(Stored data entries)
+-------+

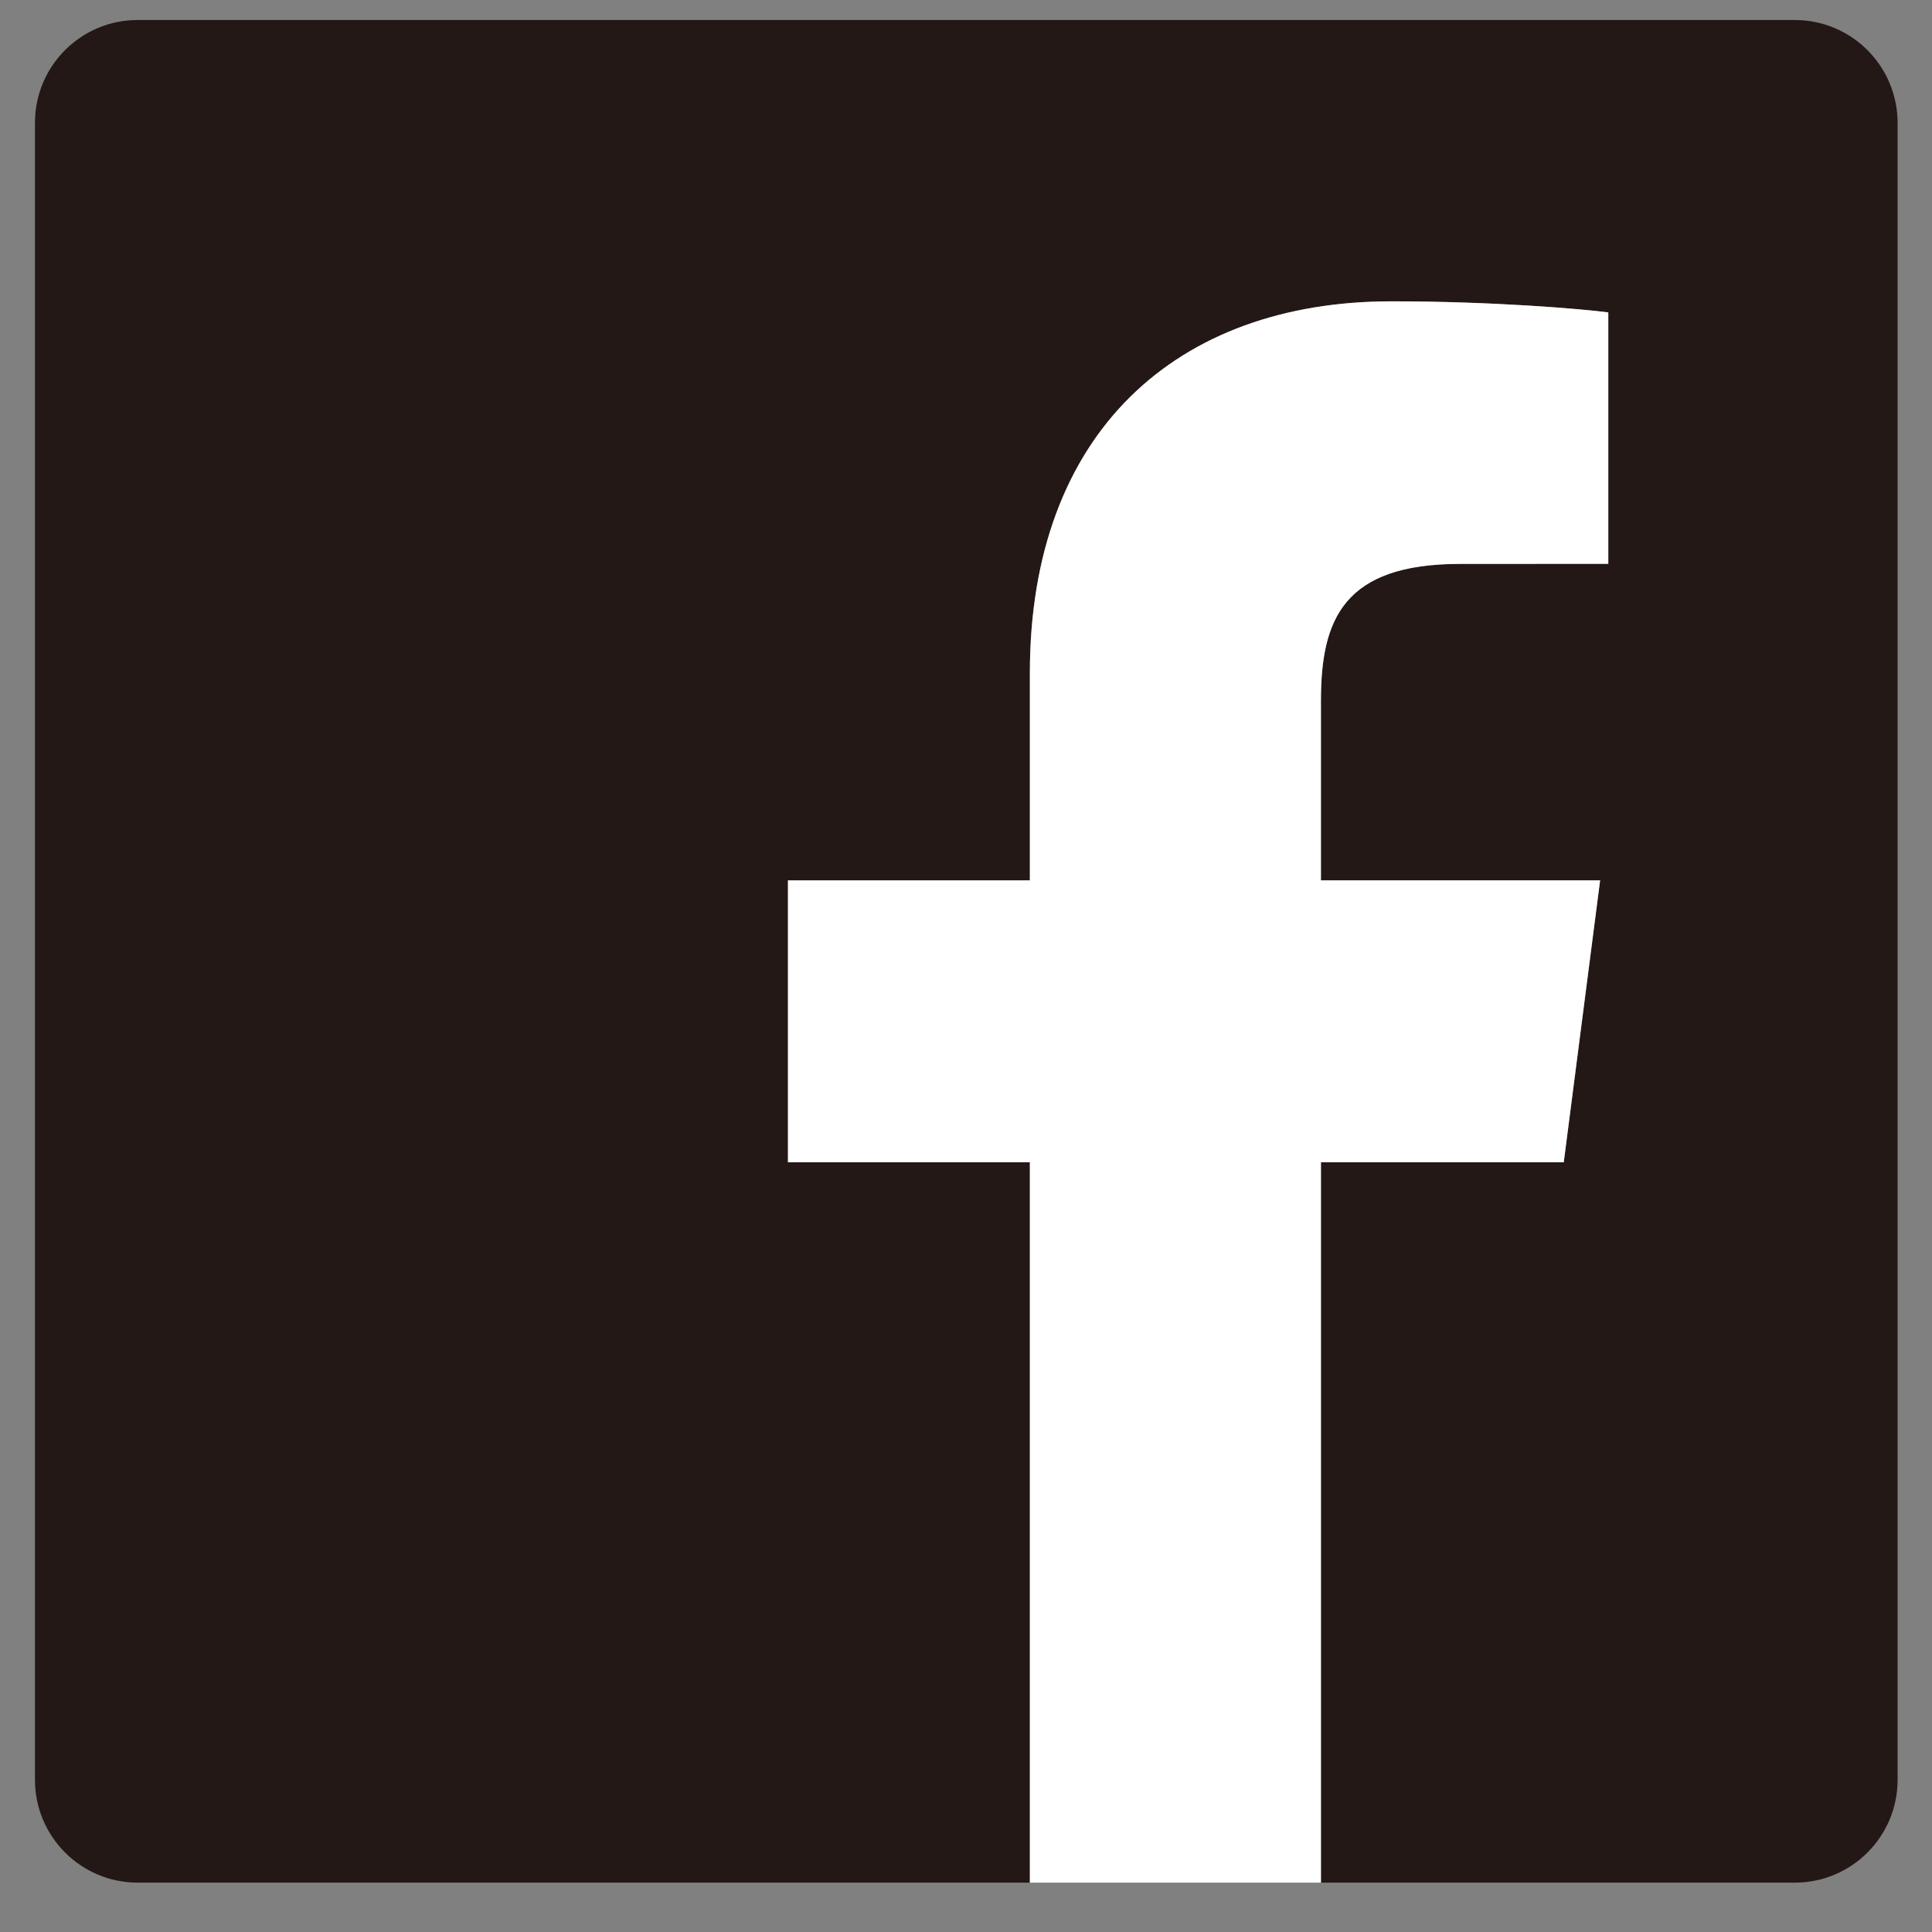 <?xml version="1.0" encoding="utf-8"?>
<!-- Generator: Adobe Illustrator 16.0.0, SVG Export Plug-In . SVG Version: 6.00 Build 0)  -->
<!DOCTYPE svg PUBLIC "-//W3C//DTD SVG 1.1//EN" "http://www.w3.org/Graphics/SVG/1.1/DTD/svg11.dtd">
<svg version="1.1" id="レイヤー_1" xmlns="http://www.w3.org/2000/svg" xmlns:xlink="http://www.w3.org/1999/xlink" x="0px"
	 y="0px" width="31px" height="31px" viewBox="0 0 31 31" enable-background="new 0 0 31 31" xml:space="preserve">
<rect x="0" y="0" width="31" height="31" fill="#808080" stroke="none"/>
<path fill="#231815" d="M28.797,0.321H2.209c-0.91,0-1.648,0.738-1.648,1.649v26.588c0,0.911,0.738,1.65,1.648,1.65h14.316V18.65
	h-3.881v-4.524h3.881v-3.329c0-3.861,2.357-5.962,5.801-5.962c1.65,0,3.068,0.123,3.48,0.177v4.035l-2.375,0.001
	c-1.873,0-2.236,0.89-2.236,2.196v2.881h4.479l-0.582,4.524h-3.896v11.559h7.602c0.912,0,1.65-0.739,1.65-1.65V1.971
	C30.447,1.06,29.709,0.321,28.797,0.321"/>
<path fill="#FFFFFF" d="M21.195,30.208V18.65h3.896l0.584-4.524h-4.48v-2.881c0-1.307,0.361-2.197,2.236-2.197l2.375-0.001V5.013
	c-0.414-0.055-1.832-0.178-3.48-0.178c-3.443,0-5.801,2.102-5.801,5.962v3.329h-3.882v4.524h3.882v11.558H21.195z"/>
</svg>

+-------+

- [Aim of the task] Could you give all of the data again exactly as written, omitting any pictures?

- [Expected answer]
 <?xml version="1.0" encoding="utf-8"?>
<!-- Generator: Adobe Illustrator 16.0.0, SVG Export Plug-In . SVG Version: 6.00 Build 0)  -->
<!DOCTYPE svg PUBLIC "-//W3C//DTD SVG 1.1//EN" "http://www.w3.org/Graphics/SVG/1.1/DTD/svg11.dtd">
<svg version="1.1" id="レイヤー_1" xmlns="http://www.w3.org/2000/svg" xmlns:xlink="http://www.w3.org/1999/xlink" x="0px"
	 y="0px" width="31px" height="31px" viewBox="0 0 31 31" enable-background="new 0 0 31 31" xml:space="preserve">
<rect x="0" y="0" width="31" height="31" fill="#808080" stroke="none"/>
<path fill="#231815" d="M28.797,0.321H2.209c-0.91,0-1.648,0.738-1.648,1.649v26.588c0,0.911,0.738,1.65,1.648,1.65h14.316V18.65
	h-3.881v-4.524h3.881v-3.329c0-3.861,2.357-5.962,5.801-5.962c1.65,0,3.068,0.123,3.48,0.177v4.035l-2.375,0.001
	c-1.873,0-2.236,0.89-2.236,2.196v2.881h4.479l-0.582,4.524h-3.896v11.559h7.602c0.912,0,1.65-0.739,1.65-1.65V1.971
	C30.447,1.06,29.709,0.321,28.797,0.321"/>
<path fill="#FFFFFF" d="M21.195,30.208V18.65h3.896l0.584-4.524h-4.48v-2.881c0-1.307,0.361-2.197,2.236-2.197l2.375-0.001V5.013
	c-0.414-0.055-1.832-0.178-3.48-0.178c-3.443,0-5.801,2.102-5.801,5.962v3.329h-3.882v4.524h3.882v11.558H21.195z"/>
</svg>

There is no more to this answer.